I don't pretend that I am a perfect owner and I have made lots of mistakes with them in the past but my piggies are usually in their indoor C+C cage with lots of hay and fresh veggies to eat, lots of tunnels and toys for chewing etc.
Over the weekend they were in the cage which is 100cmx50cm approx and I know that there were three of them in there but even with twice daily spot cleaning the cage was absolutely disgusting this evening when I moved them back to their proper house. 
It just makes me sad to think of even a pair of piggies in a cage that size yet it's still marketed as a 'spacious'  starter cage that's suitable for rabbits or guinea pigs. It boggles my mind to imagine it being used as a permanent home, no matter how often they are out of the cage during the day.
I hope this doesn't offend anyone here and I do realise that sometimes people have to do the best with whatever cages/enclosures that they have, it's more that I'm angry that they are permitted to be sold under false pretences I suppose.


----------



## Cherpi (Nov 19, 2010)

I've got one of my males in a 100x50cm outdoor hutch because he's fallen out with my other male and it is too small for him but I didn't have a back up plan for if they fell out and can't afford a hutch for him, but he gets cleaned out more than the others and seems happy, but I know exactly how you feel, it's disgusting and its the same with all animals, hamsters in those 30x30cm cages constantly bar chewing and mutilating themselves out of boredom.

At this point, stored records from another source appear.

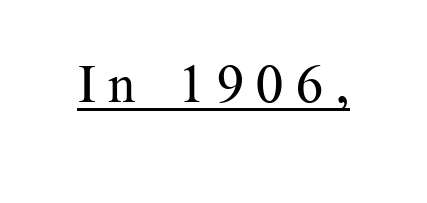
Q: Is the text bold? A: No.
Q: Is the text italic (slanted)? A: No, it is upright.
Q: Is the typeface a serif or a sans-serif typeface? A: Serif.
Q: Is the text underlined? A: Yes.
Q: Is the spacing between letters normal or unusually wide? A: Unusually wide.
Q: Width (condensed, normal, or wide)? A: Normal.
Q: Stroke contrast? A: Medium.
Q: x-height? A: Medium.
Q: Monospaced? A: No.
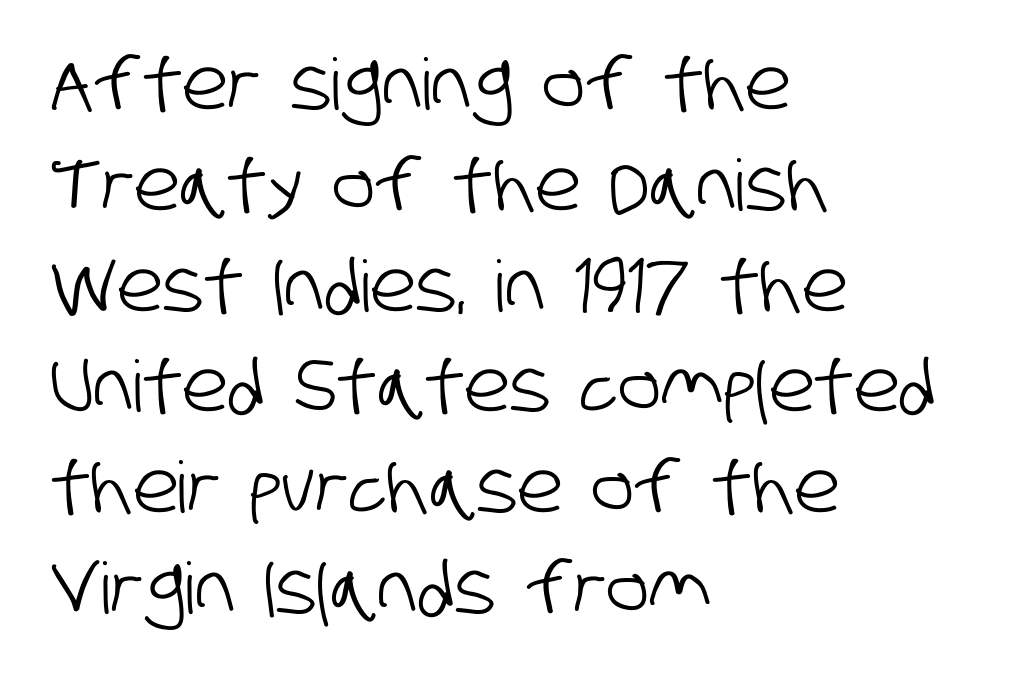
Q: Is the typeface a serif or a sans-serif typeface? A: Sans-serif.
Q: Is the text underlined? A: No.
Q: How is the paragraph aligned? A: Left-aligned.
Q: Is the spacing between letters normal or unusually wide? A: Normal.
Q: Is the spacing between lines tight, normal or loose? A: Normal.
Q: Width (condensed, normal, or wide)? A: Condensed.
Q: Stroke contrast? A: Low.
Q: x-height? A: Large.
Q: Monospaced? A: No.

I just wish there was better education i I'm honest, and it isnt even just big pet chains that push them cages because most of [email protected] cages aren't the worst, theres a pet shop near me which sells 80x50cm cages as a bundle with a guinea pig and accessories, it makes me so upset as people actually buy them and its basically animal cruelty because if the owner doesn't know that that's too small I doubt they are giving the guinea pig much time outside the cage...


----------